Find the poles of $f$ at $z=2πik$?

Question

Let $f(z)= \dfrac{z}{ (1-e^{z} ) \sin z}$ then the poles of $f$ at $z=2πik$ where $k \in \mathbb{Z}$ $k \neq 0$are of order $1$ or $2$?

\begin{align} \lim_{z \to 2πik} (z-2πik)^2 \dfrac{z}{ (1-e^{z}) \sin z } &= \lim_{z \to 2πik} \dfrac{z}{ \dfrac{1-e^{z}}{z-2πik} \dfrac{\sin z}{z-2πik}} \\ &= 2πik \neq 0 \end{align}

so it is a pole of order $2$ . Is it correct?

Answer 1

Here , $\forall k \in \mathbb Z$, $\quad e^z-1=0\implies e^z=1=e^{2k\pi i}\implies z=2k\pi i\quad$ are poles.
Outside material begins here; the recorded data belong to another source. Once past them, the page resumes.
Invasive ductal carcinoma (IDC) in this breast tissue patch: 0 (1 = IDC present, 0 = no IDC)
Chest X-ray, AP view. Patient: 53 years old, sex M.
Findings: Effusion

Now $\lim_{z \to 2k\pi i}(z-2k\pi i)f(z)$

$=\lim_{z \to 2k\pi i} \frac{z(z - 2k\pi i)}{(1-e^z)\sin z}$ $\quad (\frac{0}{0}\text{form})$

$=\lim_{z \to 2k\pi i}\frac{2z - 2k\pi i}{(1-e^z)\cos z -e^z \sin z}$, which gives a finite value.

$\implies z=2k\pi i$ is a simple pole.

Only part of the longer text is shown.